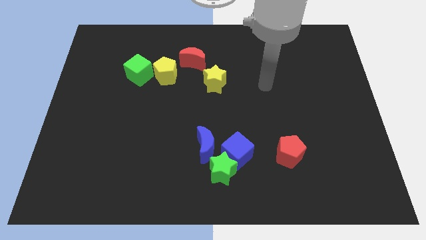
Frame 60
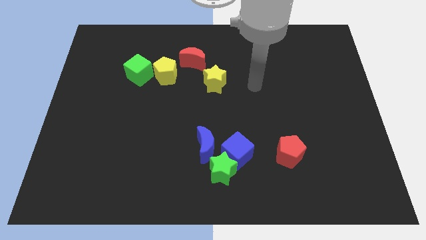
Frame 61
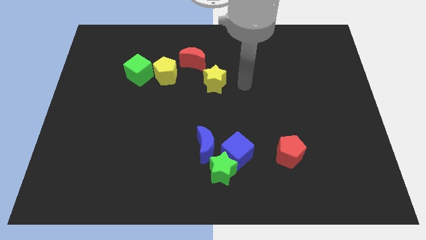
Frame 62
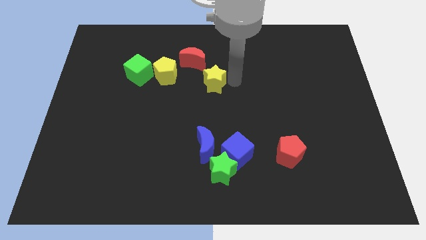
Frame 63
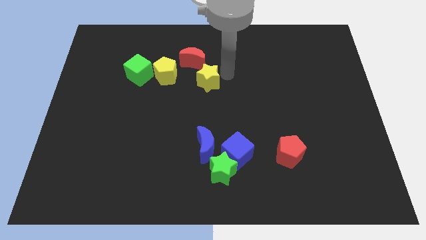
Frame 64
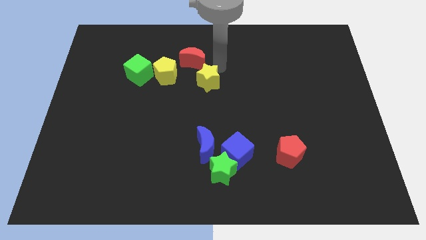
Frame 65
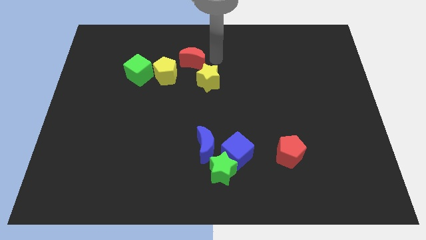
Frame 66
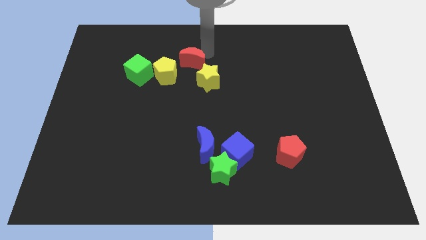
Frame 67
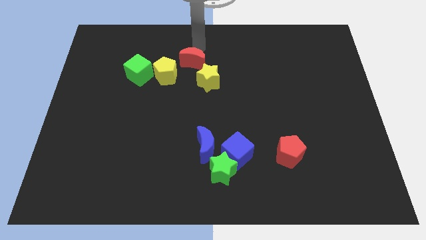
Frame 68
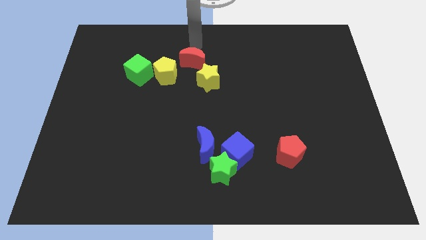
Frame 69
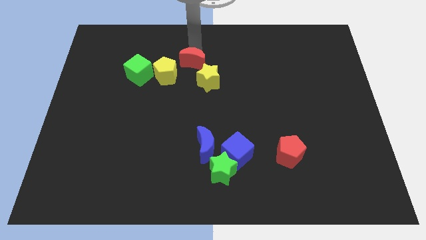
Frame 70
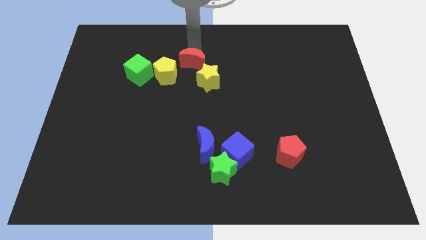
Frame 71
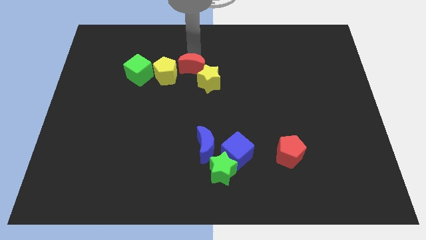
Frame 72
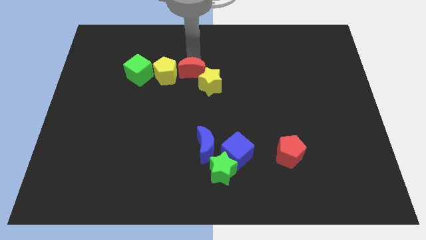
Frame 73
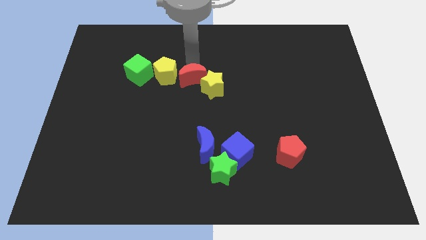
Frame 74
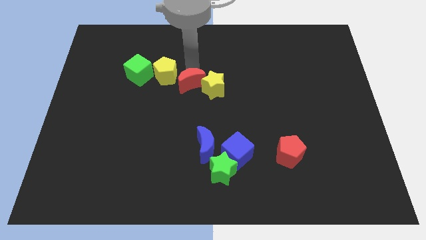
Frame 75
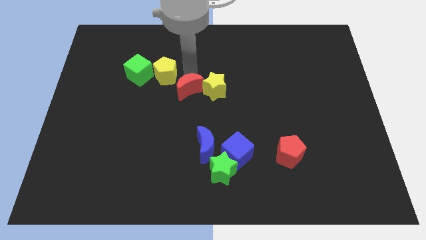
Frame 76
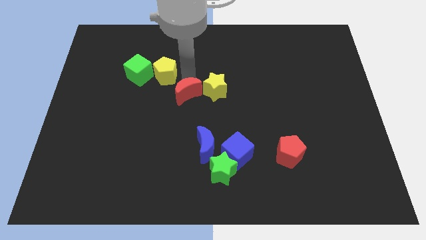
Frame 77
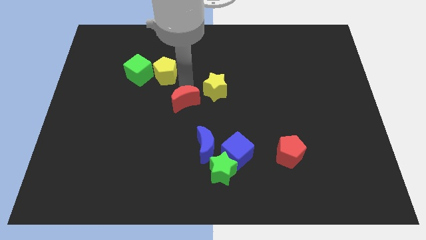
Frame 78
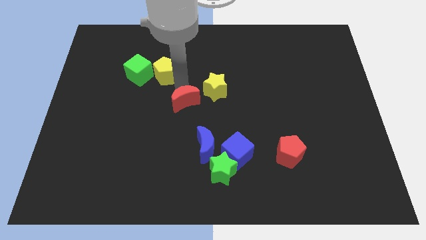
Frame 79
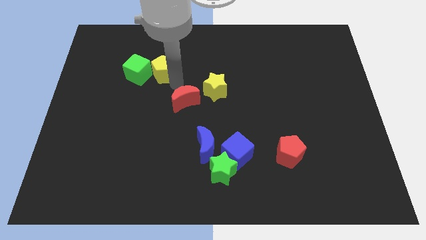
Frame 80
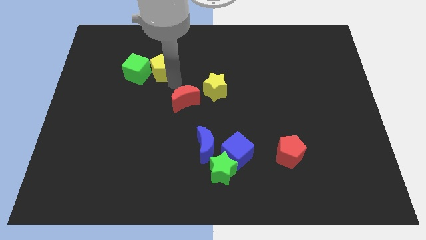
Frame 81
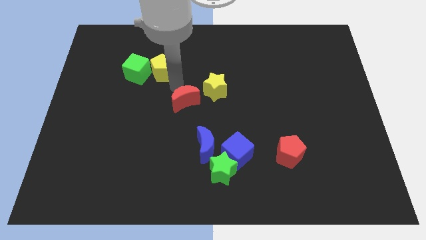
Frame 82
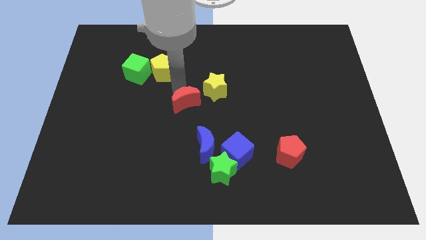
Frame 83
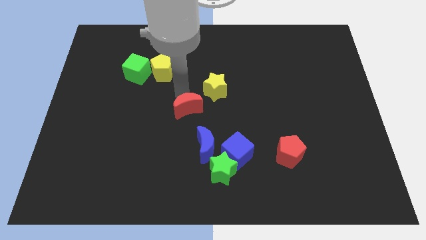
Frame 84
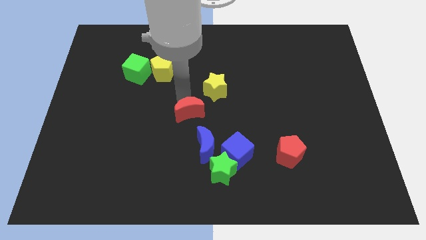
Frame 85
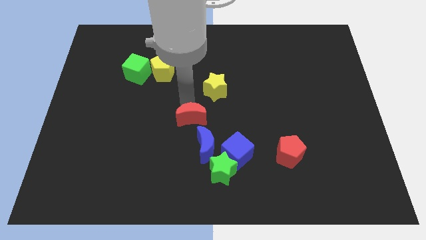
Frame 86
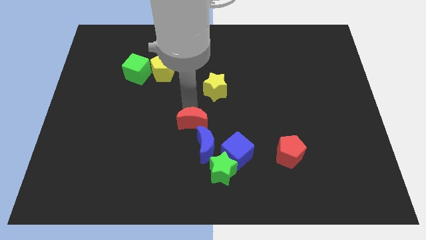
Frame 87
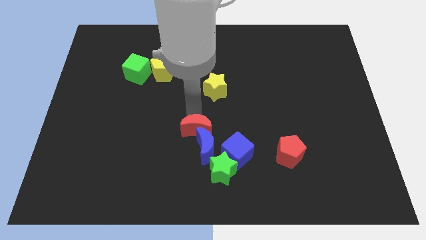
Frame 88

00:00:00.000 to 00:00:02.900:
move the red moon down

#####

(PROBLEM DESCRIPTION): Output the data above in full. Skip every picture.

(WRITTEN SOLUTION):
Frame 60
Frame 61
Frame 62
Frame 63
Frame 64
Frame 65
Frame 66
Frame 67
Frame 68
Frame 69
Frame 70
Frame 71
Frame 72
Frame 73
Frame 74
Frame 75
Frame 76
Frame 77
Frame 78
Frame 79
Frame 80
Frame 81
Frame 82
Frame 83
Frame 84
Frame 85
Frame 86
Frame 87
Frame 88

00:00:00.000 to 00:00:02.900:
move the red moon down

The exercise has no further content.